Given entries:
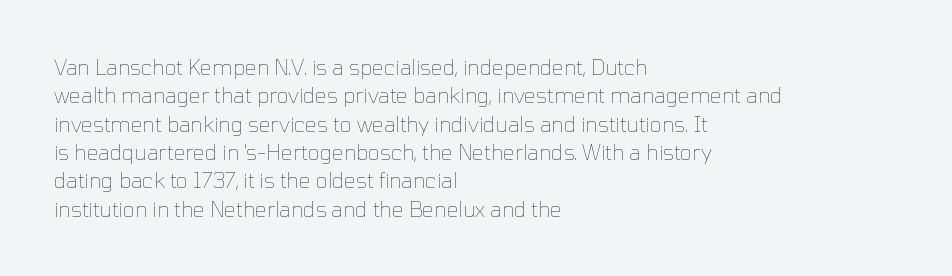
Evenly set lines give the paragraph a standard silhouette. Students, note that the glyphs here touch the page at normal intervals. In terms of posture, this sample is upright. Typeset ragged right — the left edge is the straight one.
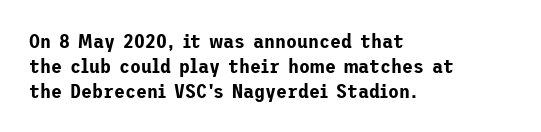
A roman cut, with each character standing at attention. The letters sit at their default tracking, neither squeezed nor spread. Compared with a centered layout, this one pins lines to the left instead. Clear beneath every line of the passage.
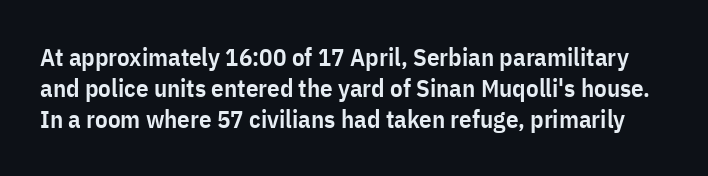
{"italic": "no", "bold": "semi", "underline": "no", "line_spacing": "normal", "line_spacing_ratio": 1.25, "letter_spacing": "normal", "letter_spacing_em": 0.0, "glyph_px": 25}
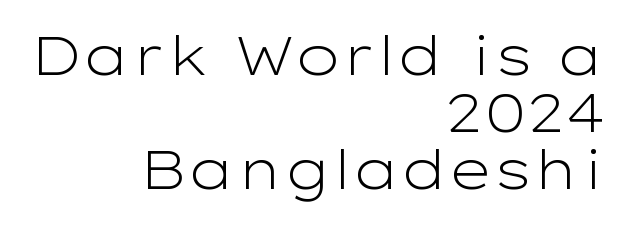
Q: Is the text bold? A: No.
Q: Is the text italic (slanted)? A: No, it is upright.
Q: Is the typeface a serif or a sans-serif typeface? A: Sans-serif.
Q: Is the text underlined? A: No.
Q: How is the paragraph aligned? A: Right-aligned.
Q: Is the spacing between letters normal or unusually wide? A: Normal.
Q: Is the spacing between lines tight, normal or loose? A: Tight.
Q: Width (condensed, normal, or wide)? A: Wide.
Q: Stroke contrast? A: Low.
Q: x-height? A: Medium.
Q: Monospaced? A: No.
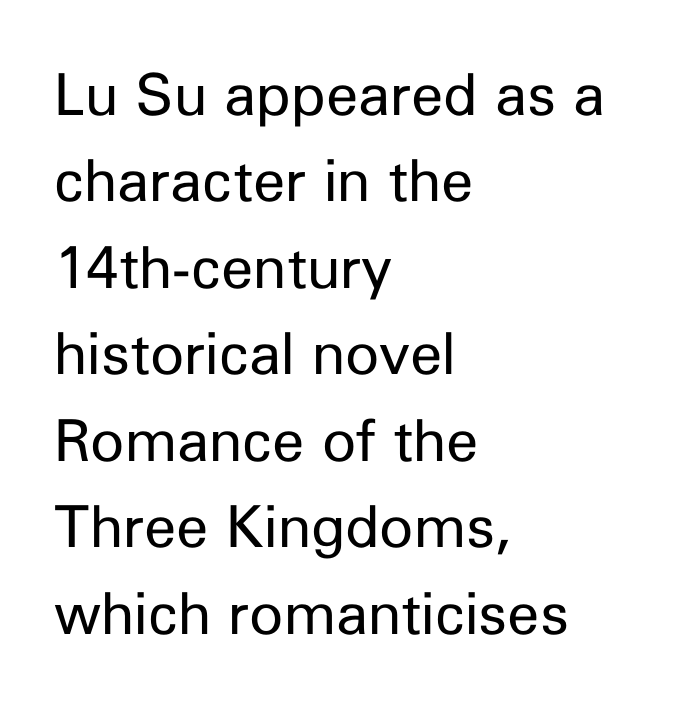
{"serif": "no", "italic": "no", "bold": "no", "weight": "regular", "width": "normal", "stroke_contrast": "low", "x_height": "medium", "monospaced": "no", "underline": "no", "align": "left", "line_spacing": "normal", "line_spacing_ratio": 1.49, "letter_spacing": "normal", "letter_spacing_em": 0.0, "glyph_px": 58}
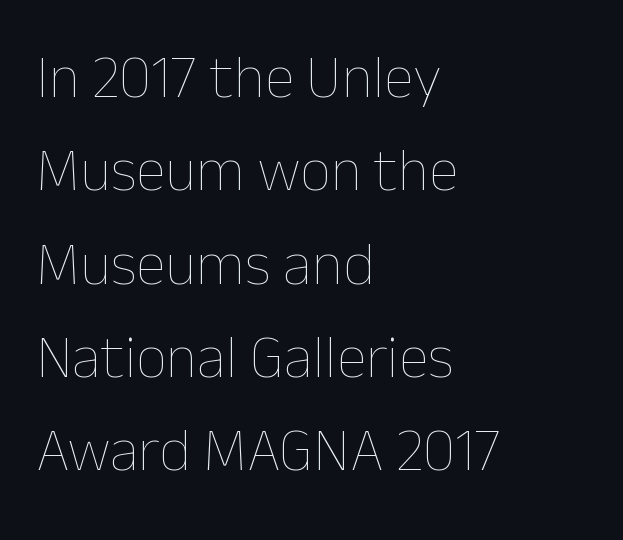
{"italic": "no", "bold": "no", "weight": "thin", "width": "normal", "stroke_contrast": "low", "x_height": "medium", "monospaced": "no", "underline": "no", "align": "left", "line_spacing": "normal", "line_spacing_ratio": 1.53, "letter_spacing": "normal", "letter_spacing_em": 0.0, "glyph_px": 61}
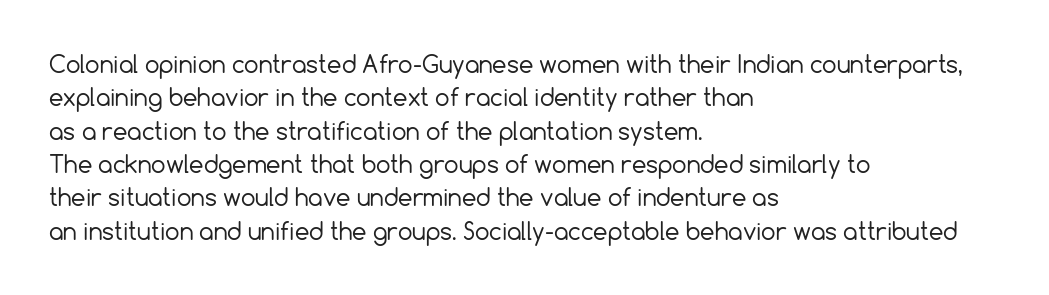
The image shows 23 px text type, upright; set left-aligned, normal line spacing (1.45x), normal letter spacing, not underlined.

About this exercise: In the records above, some lines hold the word "text"; copy each such line.

The answer:
Q: Is the text bold? A: No.
Q: Is the text italic (slanted)? A: No, it is upright.
Q: Is the text underlined? A: No.
The image shows 23 px text type, upright; set left-aligned, normal line spacing (1.45x), normal letter spacing, not underlined.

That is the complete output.